* _Work instructions_: How many lines in the entries below contain "LaTeX"? Answer with the number only.

* _Saved data entries_:
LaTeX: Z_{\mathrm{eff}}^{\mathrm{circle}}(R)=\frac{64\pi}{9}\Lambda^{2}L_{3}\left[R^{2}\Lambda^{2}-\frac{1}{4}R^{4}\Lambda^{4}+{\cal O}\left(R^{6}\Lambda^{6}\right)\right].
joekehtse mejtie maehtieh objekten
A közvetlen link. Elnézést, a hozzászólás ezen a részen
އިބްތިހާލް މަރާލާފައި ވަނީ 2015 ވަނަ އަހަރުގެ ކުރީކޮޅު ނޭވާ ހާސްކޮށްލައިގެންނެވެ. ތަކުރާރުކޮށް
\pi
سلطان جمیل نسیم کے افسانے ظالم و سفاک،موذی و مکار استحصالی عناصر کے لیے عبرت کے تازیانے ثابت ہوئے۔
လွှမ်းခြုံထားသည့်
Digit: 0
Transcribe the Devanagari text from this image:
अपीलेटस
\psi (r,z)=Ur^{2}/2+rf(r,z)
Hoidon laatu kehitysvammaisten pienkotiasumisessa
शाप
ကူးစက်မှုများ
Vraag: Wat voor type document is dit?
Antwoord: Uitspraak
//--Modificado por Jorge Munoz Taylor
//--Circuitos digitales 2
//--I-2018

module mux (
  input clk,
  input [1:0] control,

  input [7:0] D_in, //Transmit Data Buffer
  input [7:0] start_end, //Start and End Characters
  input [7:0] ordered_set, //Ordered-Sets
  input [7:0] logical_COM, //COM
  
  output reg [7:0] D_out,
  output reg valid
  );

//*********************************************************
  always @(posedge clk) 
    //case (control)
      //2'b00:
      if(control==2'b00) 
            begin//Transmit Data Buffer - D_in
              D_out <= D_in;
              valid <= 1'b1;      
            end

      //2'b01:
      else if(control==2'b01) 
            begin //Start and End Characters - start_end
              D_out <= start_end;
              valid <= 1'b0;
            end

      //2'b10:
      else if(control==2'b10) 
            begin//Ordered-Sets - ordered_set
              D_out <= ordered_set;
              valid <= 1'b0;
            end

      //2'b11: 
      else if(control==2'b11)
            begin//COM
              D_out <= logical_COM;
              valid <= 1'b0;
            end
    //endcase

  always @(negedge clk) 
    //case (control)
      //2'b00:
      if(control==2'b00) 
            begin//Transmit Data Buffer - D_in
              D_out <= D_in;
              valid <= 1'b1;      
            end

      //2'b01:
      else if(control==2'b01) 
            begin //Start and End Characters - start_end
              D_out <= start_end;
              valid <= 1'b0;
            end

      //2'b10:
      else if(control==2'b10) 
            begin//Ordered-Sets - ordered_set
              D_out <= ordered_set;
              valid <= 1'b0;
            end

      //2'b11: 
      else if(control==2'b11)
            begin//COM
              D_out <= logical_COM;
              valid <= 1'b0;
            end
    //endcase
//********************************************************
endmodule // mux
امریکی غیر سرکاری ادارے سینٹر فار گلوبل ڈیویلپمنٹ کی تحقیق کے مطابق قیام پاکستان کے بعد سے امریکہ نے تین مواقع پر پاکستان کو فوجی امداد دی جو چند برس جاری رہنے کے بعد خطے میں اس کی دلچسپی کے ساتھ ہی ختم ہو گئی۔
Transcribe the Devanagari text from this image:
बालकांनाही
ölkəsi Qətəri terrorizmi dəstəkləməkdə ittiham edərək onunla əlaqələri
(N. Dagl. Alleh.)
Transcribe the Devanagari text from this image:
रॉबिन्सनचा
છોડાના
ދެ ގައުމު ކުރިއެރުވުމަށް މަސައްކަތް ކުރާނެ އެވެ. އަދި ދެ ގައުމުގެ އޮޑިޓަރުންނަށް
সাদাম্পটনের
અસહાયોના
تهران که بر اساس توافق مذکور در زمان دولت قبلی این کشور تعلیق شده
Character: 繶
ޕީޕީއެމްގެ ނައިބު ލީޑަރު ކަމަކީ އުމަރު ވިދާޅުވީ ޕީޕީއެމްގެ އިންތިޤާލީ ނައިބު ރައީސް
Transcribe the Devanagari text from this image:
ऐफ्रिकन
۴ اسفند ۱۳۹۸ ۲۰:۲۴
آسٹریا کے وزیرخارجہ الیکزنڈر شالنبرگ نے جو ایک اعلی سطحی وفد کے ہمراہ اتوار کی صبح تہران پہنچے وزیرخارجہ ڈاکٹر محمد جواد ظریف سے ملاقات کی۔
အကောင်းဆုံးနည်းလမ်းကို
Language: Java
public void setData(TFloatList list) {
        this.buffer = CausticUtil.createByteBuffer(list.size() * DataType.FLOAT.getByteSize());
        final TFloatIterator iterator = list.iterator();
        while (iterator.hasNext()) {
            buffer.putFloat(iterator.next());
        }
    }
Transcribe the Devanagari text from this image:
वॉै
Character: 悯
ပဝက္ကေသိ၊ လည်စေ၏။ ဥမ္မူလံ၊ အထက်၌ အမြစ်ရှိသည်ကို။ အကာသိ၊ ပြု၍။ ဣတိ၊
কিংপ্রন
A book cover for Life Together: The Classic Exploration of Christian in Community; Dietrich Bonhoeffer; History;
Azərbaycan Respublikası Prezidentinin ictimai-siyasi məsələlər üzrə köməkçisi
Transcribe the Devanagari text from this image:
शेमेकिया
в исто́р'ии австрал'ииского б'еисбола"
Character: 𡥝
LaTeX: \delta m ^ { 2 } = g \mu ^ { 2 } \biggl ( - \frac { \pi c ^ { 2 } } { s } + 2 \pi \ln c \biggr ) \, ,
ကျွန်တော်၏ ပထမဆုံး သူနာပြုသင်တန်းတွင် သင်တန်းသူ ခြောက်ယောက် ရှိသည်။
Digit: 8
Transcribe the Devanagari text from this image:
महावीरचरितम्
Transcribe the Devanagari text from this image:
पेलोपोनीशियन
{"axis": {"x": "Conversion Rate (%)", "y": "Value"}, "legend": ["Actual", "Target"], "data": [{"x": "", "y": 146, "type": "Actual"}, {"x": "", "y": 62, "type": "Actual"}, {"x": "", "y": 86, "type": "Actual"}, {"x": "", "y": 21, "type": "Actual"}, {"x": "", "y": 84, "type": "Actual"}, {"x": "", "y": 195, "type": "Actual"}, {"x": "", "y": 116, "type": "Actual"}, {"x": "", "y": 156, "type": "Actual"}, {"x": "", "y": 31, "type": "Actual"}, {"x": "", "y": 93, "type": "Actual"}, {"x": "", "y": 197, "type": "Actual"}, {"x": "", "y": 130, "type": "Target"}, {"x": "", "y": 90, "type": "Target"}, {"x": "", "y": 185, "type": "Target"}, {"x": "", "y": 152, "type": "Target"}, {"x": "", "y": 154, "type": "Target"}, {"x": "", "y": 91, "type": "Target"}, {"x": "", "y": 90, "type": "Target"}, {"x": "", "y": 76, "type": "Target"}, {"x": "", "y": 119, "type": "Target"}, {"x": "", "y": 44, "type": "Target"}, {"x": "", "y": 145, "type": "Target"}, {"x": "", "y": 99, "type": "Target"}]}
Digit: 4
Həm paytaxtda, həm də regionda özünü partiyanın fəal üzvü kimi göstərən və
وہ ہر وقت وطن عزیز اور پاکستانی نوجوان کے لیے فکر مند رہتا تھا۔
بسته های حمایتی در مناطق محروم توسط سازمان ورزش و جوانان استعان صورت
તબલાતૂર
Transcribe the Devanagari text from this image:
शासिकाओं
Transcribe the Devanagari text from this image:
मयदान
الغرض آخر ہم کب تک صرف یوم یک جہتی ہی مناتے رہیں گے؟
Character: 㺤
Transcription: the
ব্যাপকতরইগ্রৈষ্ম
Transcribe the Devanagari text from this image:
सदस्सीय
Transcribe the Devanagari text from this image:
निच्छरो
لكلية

* _Task response_: 2